Natalie shrugged. “I don’t know about all that privacy stuff, but I sure wouldn’t
trust Sonia to tell the truth after she’s lied to you. Hey, Hazel called this morning
and I don’t think her hip is nearly as bad as we thought. I think she’s playing matchmaker
right along with those three wise men.”

She wanted to know what the test results were, but knowing would definitely change
things and she hated change.

“Probably so. But we’re going to do things our way,” he said.

She shrugged because she wasn’t sure what the answer was.
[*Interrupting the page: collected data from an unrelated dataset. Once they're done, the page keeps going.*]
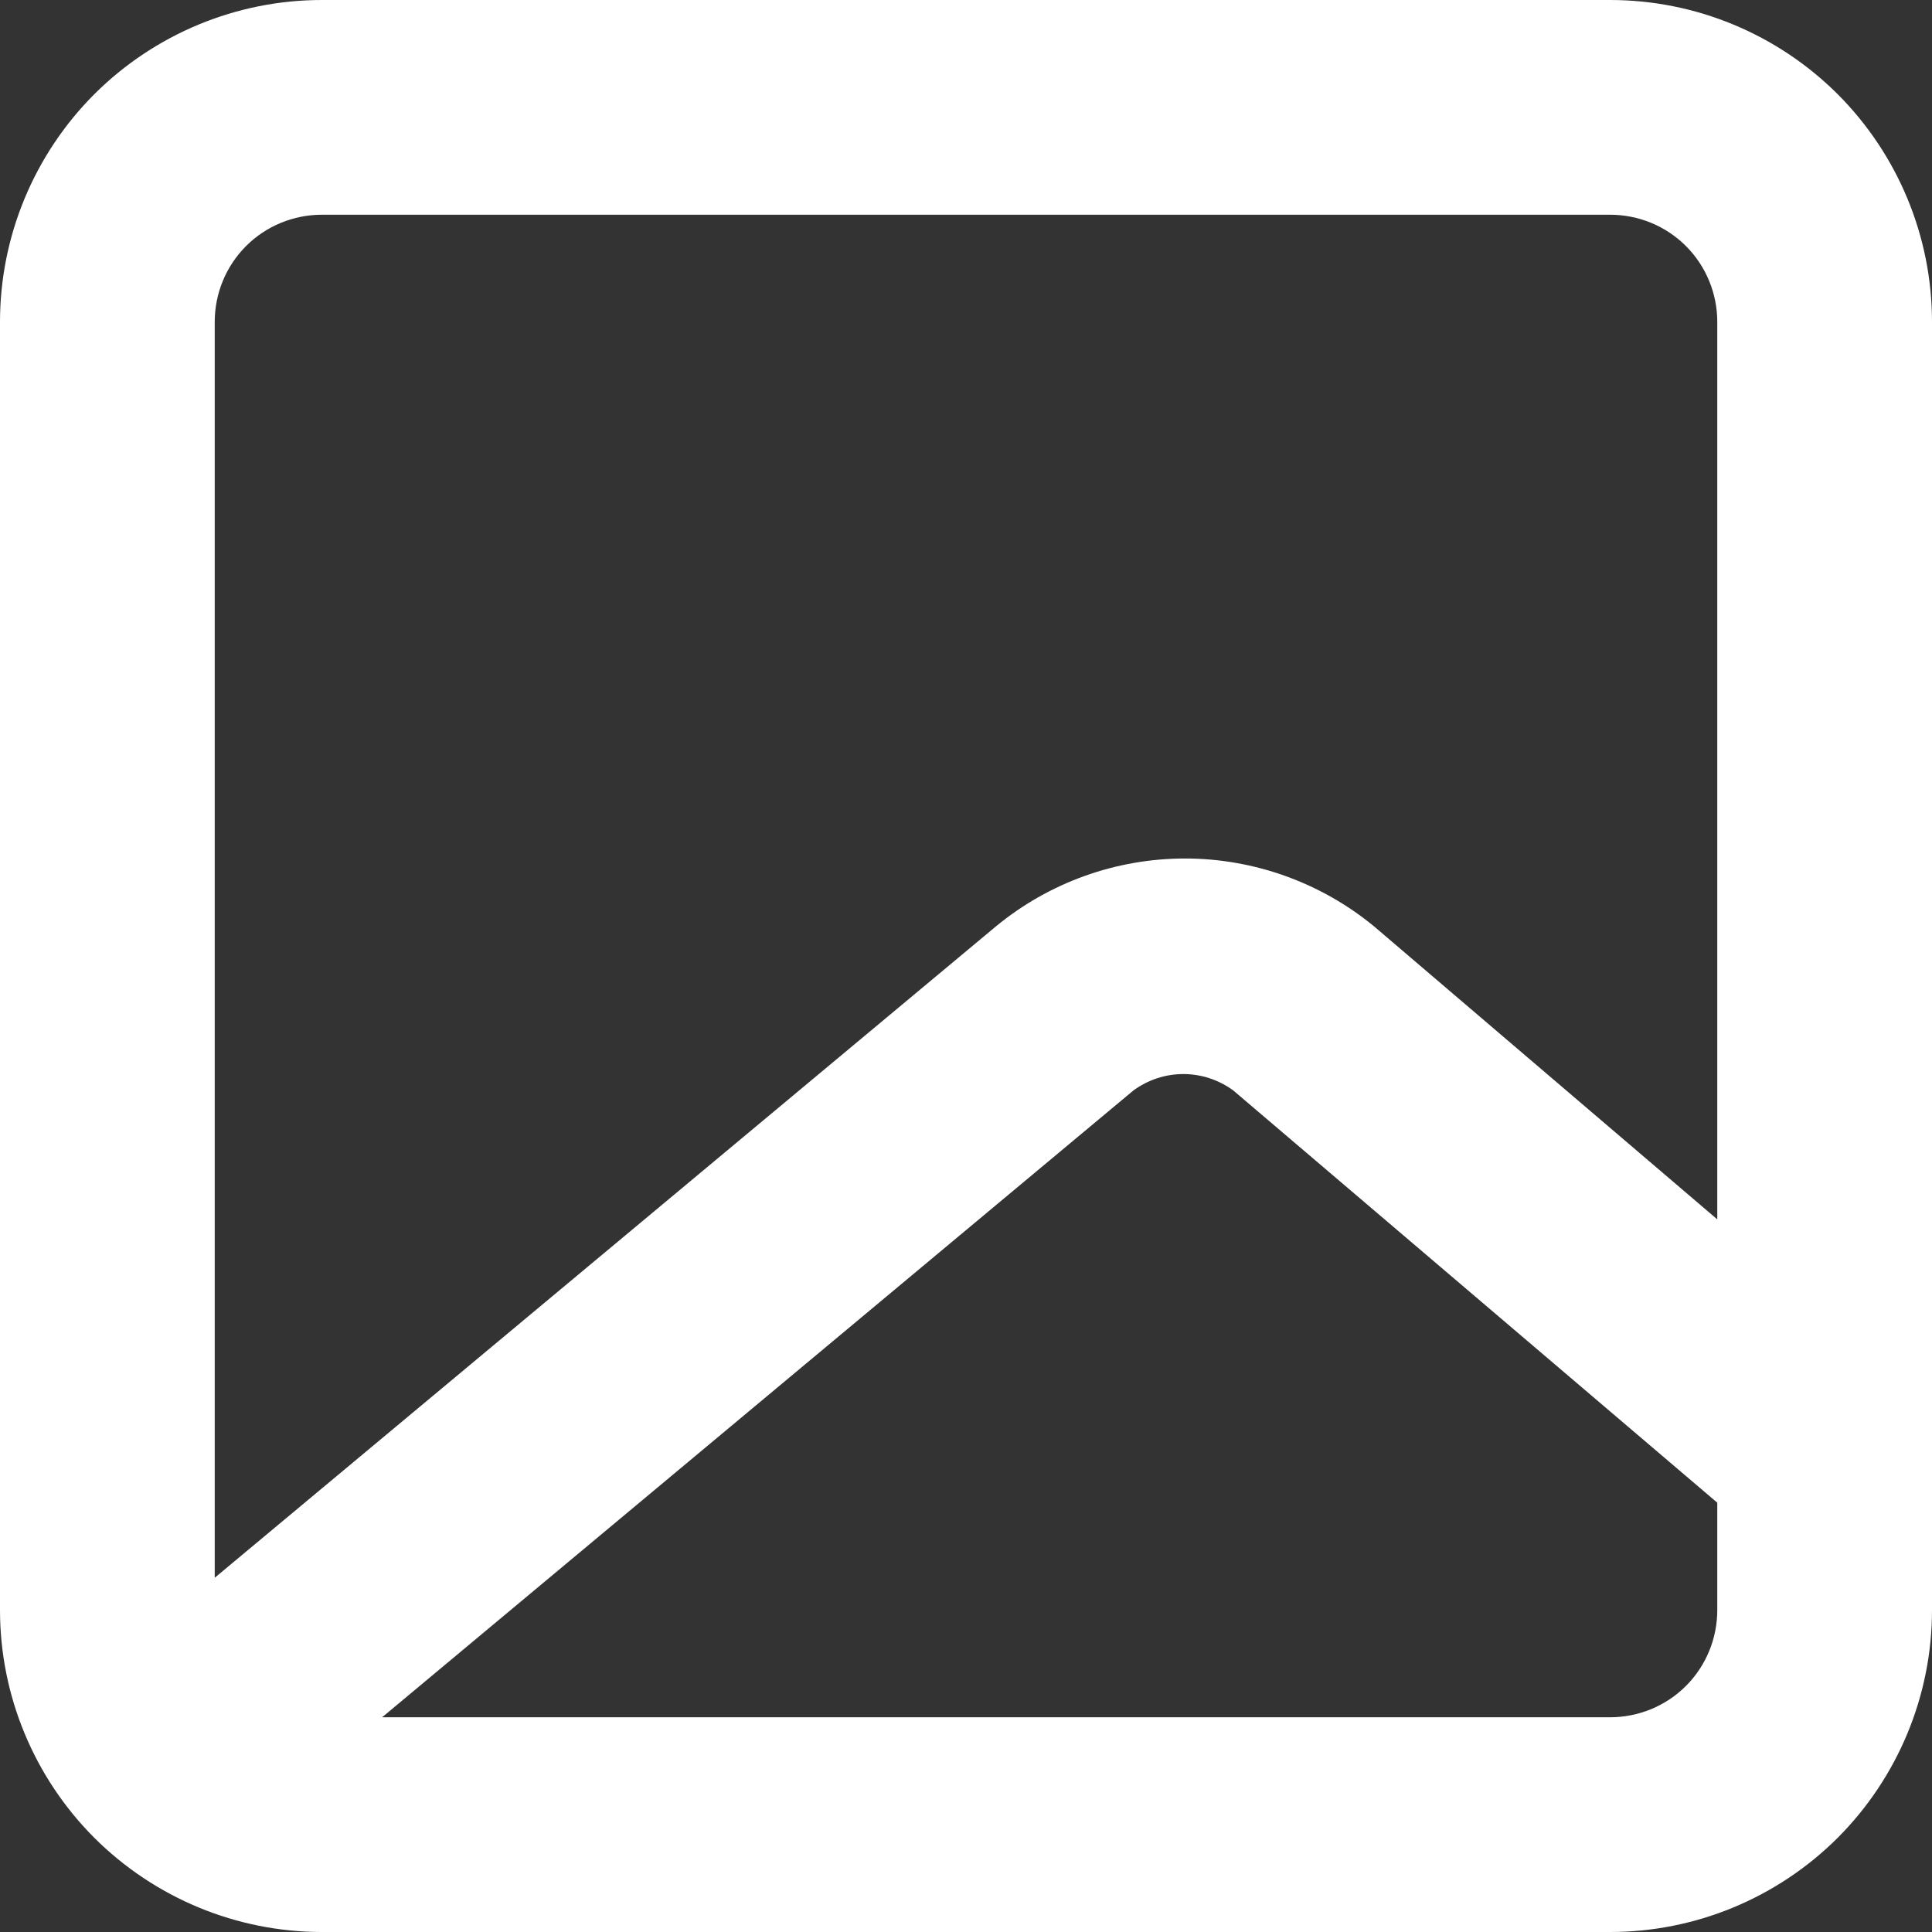 <svg width="14" height="14" viewBox="0 0 14 14" fill="none" xmlns="http://www.w3.org/2000/svg">
<rect x="0" y="0" width="14" height="14" fill="#333333" stroke="none"/>
<path id="Vector" d="M11.667 0H2.333C1.714 0 1.121 0.246 0.683 0.683C0.246 1.121 0 1.714 0 2.333V11.667C0 12.286 0.246 12.879 0.683 13.317C1.121 13.754 1.714 14 2.333 14H11.667C12.286 14 12.879 13.754 13.317 13.317C13.754 12.879 14 12.286 14 11.667V2.333C14 1.714 13.754 1.121 13.317 0.683C12.879 0.246 12.286 0 11.667 0ZM2.333 1.556H11.667C11.873 1.556 12.071 1.637 12.217 1.783C12.363 1.929 12.444 2.127 12.444 2.333V8.836L9.956 6.712C9.57 6.395 9.086 6.221 8.587 6.221C8.087 6.221 7.603 6.395 7.218 6.712L1.556 11.433V2.333C1.556 2.127 1.637 1.929 1.783 1.783C1.929 1.637 2.127 1.556 2.333 1.556ZM11.667 12.444H2.769L8.213 7.902C8.318 7.825 8.445 7.783 8.575 7.783C8.705 7.783 8.832 7.825 8.937 7.902L12.444 10.889V11.667C12.444 11.873 12.363 12.071 12.217 12.217C12.071 12.363 11.873 12.444 11.667 12.444Z" fill="white"/>
</svg>
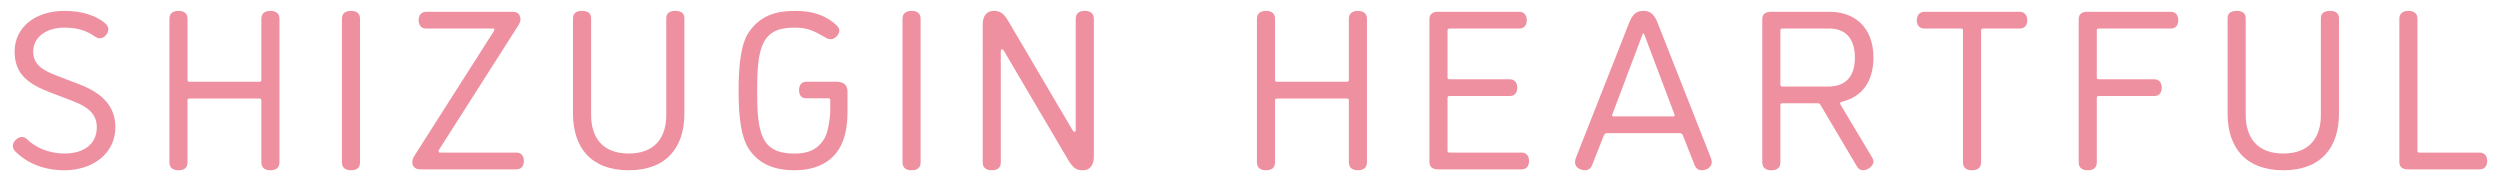 <?xml version="1.0" encoding="UTF-8"?>
<svg xmlns="http://www.w3.org/2000/svg" width="276" height="20" xmlns:xlink="http://www.w3.org/1999/xlink" viewBox="0 0 276 20">
  <defs>
    <style>
      .cls-1 {
        fill: none;
      }

      .cls-2 {
        isolation: isolate;
      }

      .cls-3 {
        clip-path: url(#clippath-1);
      }

      .cls-4 {
        clip-path: url(#clippath-2);
      }

      .cls-5 {
        fill: #ef90a0;
      }

      .cls-6 {
        clip-path: url(#clippath);
      }

      .cls-7 {
        fill: #f4b1b1;
        mix-blend-mode: multiply;
        opacity: .2;
      }
    </style>
    <clipPath id="clippath">
      <rect class="cls-1" x="-462" y="-1024" width="1366" height="582"/>
    </clipPath>
    <clipPath id="clippath-1">
      <path class="cls-1" d="M-962.879-1339.588C-817.301-822.58-342.284-443.589,221.276-443.589s1038.577-378.992,1184.155-896H-962.879Z"/>
    </clipPath>
    <clipPath id="clippath-2">
      <rect class="cls-1" x="-113.724" y="-1778.589" width="670" height="2000" transform="translate(999.865 -557.312) rotate(-90)"/>
    </clipPath>
  </defs>
  <g class="cls-2">
    <g id="BACK">
      <g class="cls-6">
        <g class="cls-3">
          <g class="cls-4">
            <circle class="cls-7" cx="551.704" cy="-397.618" r="602.572"/>
          </g>
        </g>
      </g>
    </g>
    <g id="DESIGN">
      <g>
        <path class="cls-5" d="M7.113,16.948c2.125,0,3.574-1.025,3.574-2.899,0-1.45-.975-2.249-2.6-2.874l-2.549-.975c-2.35-.9-3.924-1.974-3.924-4.499C1.615,3.027,3.864,1.202,7.113,1.202c2.024,0,3.499.55,4.449,1.325.25.225.4.45.4.7,0,.475-.45 1-.925 1-.25,0-.375-.075-.6-.225-.875-.575-1.75-.95-3.324-.95-2.05,0-3.449,1.075-3.449,2.649,0,1.4,1.025,2.05,2.524,2.624l2.549.975c2.524.975,3.999,2.399,3.999,4.749,0,2.924-2.524,4.749-5.624,4.749-2.375,0-4.174-.85-5.374-2.025-.175-.15-.325-.425-.325-.675,0-.475.55-.975.975-.975.225,0,.4.05.625.275.85.825,2.299,1.55,4.099,1.55Z"/>
        <path class="cls-5" d="M20.704,17.923c0,.7-.5.875-1,.875-.475,0-1-.175-1-.875V2.077c0-.7.525-.875 1-.875.5,0,1,.175,1,.875v6.723c0,.175.05.225.225.225h7.698c.15,0,.225-.05.225-.225V2.077c0-.7.525-.875 1-.875.475,0,1,.175,1,.875v15.846c0,.7-.525.875-1,.875-.475,0-1-.175-1-.875v-6.823c0-.175-.075-.225-.225-.225h-7.698c-.175,0-.225.05-.225.225v6.823Z"/>
        <path class="cls-5" d="M37.748,2.077c0-.7.525-.875 1-.875.5,0,1,.175,1,.875v15.846c0,.7-.5.875-1,.875-.475,0-1-.175-1-.875V2.077Z"/>
        <path class="cls-5" d="M48.49,16.498c-.05.075-.075.15-.075.2,0,.075.05.15.175.15h8.423c.6,0,.825.45.825.925s-.225.925-.825.925h-10.598c-.625,0-.899-.35-.899-.825,0-.275.125-.5.25-.7l8.748-13.722c.05-.1.075-.175.075-.225,0-.075-.125-.075-.175-.075h-7.373c-.6,0-.825-.45-.825-.925,0-.45.225-.925.825-.925h9.623c.575,0,.8.425.8.875,0,.2-.125.425-.225.6l-8.748,13.722Z"/>
        <path class="cls-5" d="M73.555,12.699V2.002c0-.65.525-.8,1-.8.475,0,1.0.15 1.0.8v10.547c0,3.749-2,6.248-6.148,6.248s-6.148-2.499-6.148-6.248V2.002c0-.65.525-.8,1-.8.475,0,1.0.15 1.0.8v10.697c0,2.499,1.275,4.249,4.149,4.249,2.875,0,4.149-1.75,4.149-4.249Z"/>
        <path class="cls-5" d="M88.989,10.85c-.575,0-.775-.425-.775-.9,0-.45.2-.925.775-.925h3.374c.825,0,1.2.4,1.2,1.1v2.199c0,1.45-.2,2.949-.95,4.149-1.1,1.75-3.024,2.324-4.899,2.324-1.949,0-3.824-.525-5.023-2.324-.85-1.275-1.15-3.399-1.15-6.473,0-3.049.3-5.249,1.15-6.473,1.375-1.974,3.224-2.324,5.148-2.324,1.75,0,3.074.425,4.149,1.275.35.275.675.55.675.9,0,.425-.475.95-.925.95-.375,0-.5-.125-.675-.225-1.25-.725-1.975-1.05-3.225-1.05-1.274,0-2.774.125-3.549,1.675-.6,1.2-.7,3.024-.7,5.274s.075,4.049.7,5.299c.725,1.45,2.224,1.65,3.424,1.65,1.475,0,2.5-.375,3.299-1.65.4-.625.65-2.299.65-3.174v-1.05c0-.175-.075-.225-.225-.225h-2.449Z"/>
        <path class="cls-5" d="M99.635,2.077c0-.7.525-.875 1-.875.5,0,1,.175,1,.875v15.846c0,.7-.5.875-1,.875-.475,0-1-.175-1-.875V2.077Z"/>
        <path class="cls-5" d="M118.412,14.374c.025.05.1.175.225.175s.125-.175.125-.275V2.077c0-.7.5-.875 1-.875.475,0,1,.175,1,.875v15.196c0,.95-.425,1.525-1.2,1.525-.625,0-1.05-.15-1.625-1.125l-7.098-12.047c-.025-.05-.1-.175-.225-.175s-.125.175-.125.275v12.197c0,.7-.5.875-1,.875-.475,0-1-.175-1-.875V2.727c0-.95.425-1.525,1.2-1.525.625,0,1.05.15,1.625,1.125l7.098,12.047Z"/>
        <path class="cls-5" d="M140.764,17.923c0,.7-.5.875-1,.875-.475,0-1-.175-1-.875V2.077c0-.7.525-.875 1-.875.5,0,1,.175,1,.875v6.723c0,.175.05.225.225.225h7.698c.15,0,.225-.05.225-.225V2.077c0-.7.525-.875 1-.875.475,0,1,.175,1,.875v15.846c0,.7-.525.875-1,.875-.475,0-1-.175-1-.875v-6.823c0-.175-.075-.225-.225-.225h-7.698c-.175,0-.225.05-.225.225v6.823Z"/>
        <path class="cls-5" d="M159.809,16.623c0,.175.05.225.225.225h7.948c.6,0,.825.45.825.925s-.225.925-.825.925h-9.248c-.475,0-.925-.2-.925-.8V2.102c0-.6.45-.8.925-.8h8.998c.6,0,.825.475.825.925,0,.475-.225.925-.825.925h-7.698c-.175,0-.225.05-.225.225v5.149c0,.175.05.225.225.225h6.648c.6,0,.825.475.825.925,0,.475-.225.925-.825.925h-6.648c-.175,0-.225.05-.225.225v5.799Z"/>
        <path class="cls-5" d="M177.406,14.699c-.15,0-.275.075-.35.275l-1.275,3.224c-.175.45-.475.6-.8.6-.475,0-1.1-.3-1.1-.875,0-.15.025-.3.1-.5l5.923-15.021c.425-1.05,1-1.2,1.525-1.2s1.1.15,1.524,1.2l5.924,15.021c.075.2.1.35.1.5,0,.525-.575.875-1.1.875-.325,0-.625-.15-.8-.6l-1.275-3.224c-.075-.2-.2-.275-.35-.275h-8.048ZM184.729,12.849c.075,0,.15-.025.15-.125,0-.05-.05-.175-.05-.175l-3.199-8.473c-.075-.175-.1-.375-.2-.375-.1,0-.125.2-.2.375l-3.199,8.473s-.05.125-.05.175c0,.1.075.125.15.125h6.598Z"/>
        <path class="cls-5" d="M206.678,17.373c.1.175.15.325.15.475,0,.5-.65.95-1.15.95-.25,0-.5-.125-.675-.425l-3.999-6.748c-.125-.225-.2-.225-.4-.225h-3.824c-.175,0-.225.05-.225.225v6.298c0,.7-.5.875-1,.875-.475,0-1-.175-1-.875V2.102c0-.6.45-.8.925-.8h6.523c2.649,0,4.824,1.625,4.824,5.049,0,2.674-1.275,4.374-3.549,4.899-.1.025-.125.1-.125.175,0,.05.025.1.025.1l3.499,5.849ZM201.855,9.55c1.849,0,2.924-1.05,2.924-3.199,0-2.15-1.1-3.199-2.774-3.199h-5.224c-.175,0-.225.05-.225.225v5.949c0,.175.05.225.225.225h5.074Z"/>
        <path class="cls-5" d="M212.464,3.152c-.625,0-.85-.45-.85-.9,0-.475.225-.95.85-.95h10.498c.625,0,.85.475.85.95,0,.45-.225.9-.85.9h-4.024c-.15,0-.225.05-.225.225v14.547c0,.7-.525.875-1,.875-.5,0-1-.175-1-.875V3.377c0-.175-.05-.225-.225-.225h-4.024Z"/>
        <path class="cls-5" d="M237.834,8.75c.6,0,.825.475.825.925,0,.475-.225.925-.825.925h-6.123c-.175,0-.225.05-.225.225v7.098c0,.7-.5.875-1,.875-.475,0-1-.175-1-.875V2.102c0-.6.45-.8.925-.8h9.248c.6,0,.825.475.825.925,0,.475-.225.925-.825.925h-7.948c-.175,0-.225.05-.225.225v5.149c0,.175.05.225.225.225h6.123Z"/>
        <path class="cls-5" d="M256.223,12.699V2.002c0-.65.525-.8,1-.8.475,0,1.0.15 1.0.8v10.547c0,3.749-2,6.248-6.148,6.248s-6.148-2.499-6.148-6.248V2.002c0-.65.525-.8,1-.8.475,0,1.0.15 1.0.8v10.697c0,2.499,1.275,4.249,4.149,4.249,2.875,0,4.149-1.75,4.149-4.249Z"/>
        <path class="cls-5" d="M266.887,16.623c0,.175.05.225.225.225h6.648c.6,0,.825.45.825.925s-.225.925-.825.925h-7.948c-.475,0-.925-.2-.925-.8V2.077c0-.7.525-.875 1-.875.5,0,1,.175,1,.875v14.547Z"/>
      </g>
    </g>
  </g>
</svg>

They finished up an hour later and Lucas drove the work truck back into the barn.
He bailed out and slid the door shut before more snow could blow inside. Natalie didn’t
need anyone to help her open a door or hold her hand while she crawled out of a truck,
so she was already out and staring at a basketball hoop when he finished.

“Dad installed that for me when I was in junior high so I could practice.” He slipped
into the tack room and came out with two wide brooms. “If we sweep the hay stubble
away we could shoot some hoops.”

She took one of the brooms and started cleaning the concrete floor in a long flowing
motion that matched his. They uncovered the circle for free throws and then the wider
one for three-pointers. He took the broom from her and set both his and hers against
a stall.

“Basketballs are in the box beside the goal. We’ll take ten minutes to warm up and
then I’m going to whip your ass at a game of horse,” he said.

“Best two out of three has to do the dinner dishes. And be warned, I’m frying chicken,
and you know how many dishes that messes up,” she said.

“You are on.” He winked.

The ball was at home in her hands and she had full command of it. But then so did
Lucas. She watched him dribble, getting the feel of the weight, and then he put up
the prettiest three-point shot she’d ever seen. Lord, if she could have gotten her
girls to sink a ball like that, she would have thought she’d died and gone to coaches’
heaven. She could fall in love with him just because he could make a three-point basket
look as easy as breathing.

She shot and missed.

“Hands still cold?” Lucas asked.

“Hell, no! Look up there.” She pointed.

A ball of mistletoe tied with a red ribbon hung on the edge of the backboard.

“Where did that come from?” she asked.

“Three wise men.” He laughed. “Ready to play ball? Hey, new rules. We can’t knock
that mistletoe down. If we do, it’s a forfeit of that game.”

“You are on!” She tossed the ball she’d been using to one side. Playing in a bulky
coat wouldn’t be as easy as baggy sweats, but she could whip a cowboy’s sexy little
ass any day of the week when it came to basketball.

“Catch.” He tossed the ball at her.

“We can flip for first,” she said.

“Give it your best shot.”

She bounced the ball on the concrete at the free throw line and it cleared the net
without even wiggling the threads. The mistletoe swayed slightly, but it didn’t fall.

“Not bad.” He caught the ball on the rebound and dribbled all the way back to where
she stood.

She moved to her next position and watched him match her shot.

They were even until the last shot and she decided to do a running layup that ended
in a dunk. She did just fine until she slapped the ball into the net where it rolled
around the rim three times and bounced right back out onto the floor. His grin got
wider as he mimicked her shot, only his dunk slammed through the net like it had been
greased.

He threw both arms into the air. “I win!”

“You win round one,” she said.

“First one usually tells the tale.”

But it didn’t. She won the second and the third.

“You do the dishes.” She giggled.

He tossed the ball to the side and ran toward her. She looked over her shoulder to
see if someone had come into the barn and didn’t even realize he’d scooped her up
into his arms until he had fallen into a pile of hay with her on top of him.